DATA PROVIDED:
--- START ---

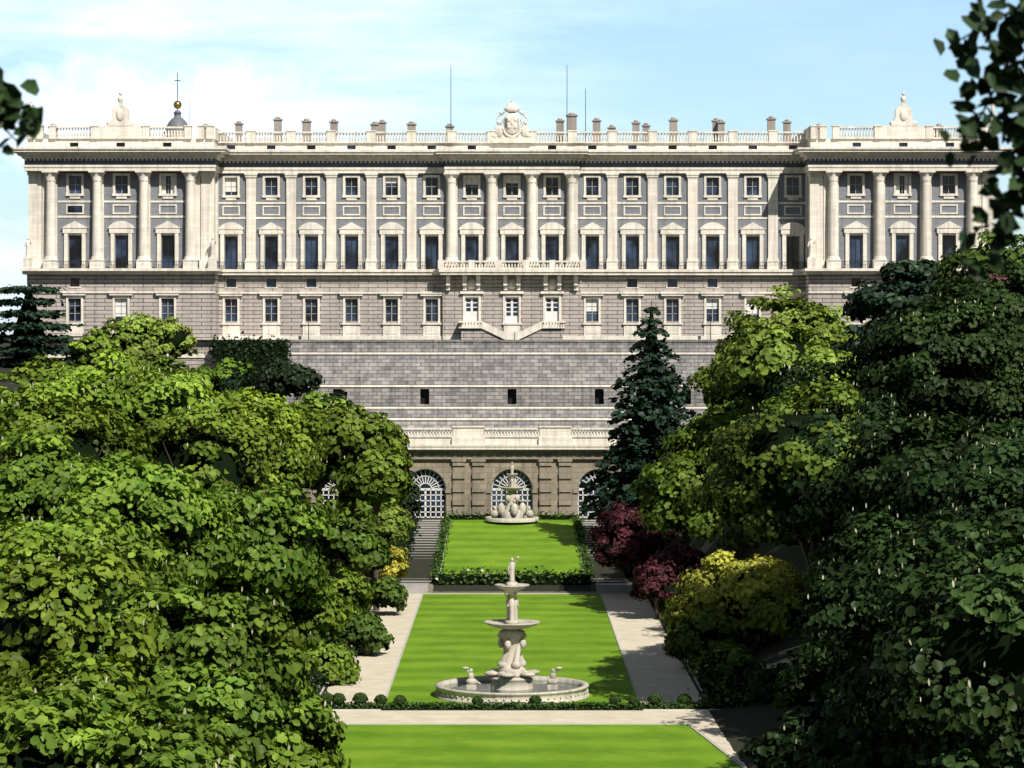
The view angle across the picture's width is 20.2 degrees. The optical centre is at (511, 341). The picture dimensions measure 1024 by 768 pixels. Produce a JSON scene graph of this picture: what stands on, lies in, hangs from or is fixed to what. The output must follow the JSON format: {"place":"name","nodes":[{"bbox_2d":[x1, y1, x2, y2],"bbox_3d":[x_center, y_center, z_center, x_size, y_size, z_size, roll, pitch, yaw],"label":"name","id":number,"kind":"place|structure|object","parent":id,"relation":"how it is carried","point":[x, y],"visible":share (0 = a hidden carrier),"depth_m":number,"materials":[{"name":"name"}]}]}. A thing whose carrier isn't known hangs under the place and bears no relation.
{"place":"outdoors","nodes":[
{"label":"outdoors","id":0,"kind":"place"},
{"bbox_2d":[0,343,842,767],"bbox_3d":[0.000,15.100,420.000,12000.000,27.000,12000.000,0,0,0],"label":"hedge","id":1,"kind":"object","parent":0,"point":[740,727],"depth_m":285.28,"materials":[{"name":"plant"}]},
{"bbox_2d":[282,340,722,517],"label":"retaining wall","id":2,"kind":"structure","parent":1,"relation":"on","point":[475,418],"depth_m":411.85,"materials":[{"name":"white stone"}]},
{"bbox_2d":[0,251,1023,767],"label":"foliage","id":3,"kind":"object","parent":1,"relation":"on","point":[970,647],"visible":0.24,"depth_m":216.58,"materials":[{"name":"green plant"}]},
{"bbox_2d":[12,73,1012,370],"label":"palace","id":4,"kind":"structure","parent":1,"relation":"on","point":[500,233],"depth_m":419.32,"materials":[{"name":"white stone"}]},
{"bbox_2d":[312,520,746,767],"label":"lawn","id":5,"kind":"structure","parent":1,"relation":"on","point":[605,641],"depth_m":248.00,"materials":[{"name":"green plant"}]},
{"bbox_2d":[485,462,538,522],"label":"fountain tritones","id":6,"kind":"object","parent":5,"relation":"on","point":[511,512],"visible":1,"depth_m":387.72,"materials":[{"name":"stone"}]},
{"bbox_2d":[435,556,588,703],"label":"fountain conchas","id":7,"kind":"object","parent":5,"relation":"on","point":[511,678],"visible":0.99,"depth_m":231.10,"materials":[{"name":"stone"}]},
{"bbox_2d":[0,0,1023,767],"bbox_3d":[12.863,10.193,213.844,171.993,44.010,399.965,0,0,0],"label":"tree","id":8,"kind":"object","parent":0,"point":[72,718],"depth_m":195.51,"materials":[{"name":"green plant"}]},
{"bbox_2d":[0,293,1023,767],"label":"tree blossom candles","id":9,"kind":"object","parent":8,"relation":"on","point":[412,479],"visible":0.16,"depth_m":175.28,"materials":[{"name":"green plant"}]},
{"bbox_2d":[0,0,1023,334],"label":"sky","id":10,"kind":"structure","parent":0,"point":[431,64],"materials":[{"name":"blue"}]}
]}

--- END ---

Return the data above in its exact wording, with none of the pictures.

The view angle across the picture's width is 20.2 degrees. The optical centre is at (511, 341). The picture dimensions measure 1024 by 768 pixels. Produce a JSON scene graph of this picture: what stands on, lies in, hangs from or is fixed to what. The output must follow the JSON format: {"place":"name","nodes":[{"bbox_2d":[x1, y1, x2, y2],"bbox_3d":[x_center, y_center, z_center, x_size, y_size, z_size, roll, pitch, yaw],"label":"name","id":number,"kind":"place|structure|object","parent":id,"relation":"how it is carried","point":[x, y],"visible":share (0 = a hidden carrier),"depth_m":number,"materials":[{"name":"name"}]}]}. A thing whose carrier isn't known hangs under the place and bears no relation.
{"place":"outdoors","nodes":[
{"label":"outdoors","id":0,"kind":"place"},
{"bbox_2d":[0,343,842,767],"bbox_3d":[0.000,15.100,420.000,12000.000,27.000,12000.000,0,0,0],"label":"hedge","id":1,"kind":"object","parent":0,"point":[740,727],"depth_m":285.28,"materials":[{"name":"plant"}]},
{"bbox_2d":[282,340,722,517],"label":"retaining wall","id":2,"kind":"structure","parent":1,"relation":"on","point":[475,418],"depth_m":411.85,"materials":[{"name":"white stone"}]},
{"bbox_2d":[0,251,1023,767],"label":"foliage","id":3,"kind":"object","parent":1,"relation":"on","point":[970,647],"visible":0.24,"depth_m":216.58,"materials":[{"name":"green plant"}]},
{"bbox_2d":[12,73,1012,370],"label":"palace","id":4,"kind":"structure","parent":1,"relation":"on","point":[500,233],"depth_m":419.32,"materials":[{"name":"white stone"}]},
{"bbox_2d":[312,520,746,767],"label":"lawn","id":5,"kind":"structure","parent":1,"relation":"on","point":[605,641],"depth_m":248.00,"materials":[{"name":"green plant"}]},
{"bbox_2d":[485,462,538,522],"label":"fountain tritones","id":6,"kind":"object","parent":5,"relation":"on","point":[511,512],"visible":1,"depth_m":387.72,"materials":[{"name":"stone"}]},
{"bbox_2d":[435,556,588,703],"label":"fountain conchas","id":7,"kind":"object","parent":5,"relation":"on","point":[511,678],"visible":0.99,"depth_m":231.10,"materials":[{"name":"stone"}]},
{"bbox_2d":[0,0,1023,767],"bbox_3d":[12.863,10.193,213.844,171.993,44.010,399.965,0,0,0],"label":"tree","id":8,"kind":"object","parent":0,"point":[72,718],"depth_m":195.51,"materials":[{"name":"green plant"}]},
{"bbox_2d":[0,293,1023,767],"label":"tree blossom candles","id":9,"kind":"object","parent":8,"relation":"on","point":[412,479],"visible":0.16,"depth_m":175.28,"materials":[{"name":"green plant"}]},
{"bbox_2d":[0,0,1023,334],"label":"sky","id":10,"kind":"structure","parent":0,"point":[431,64],"materials":[{"name":"blue"}]}
]}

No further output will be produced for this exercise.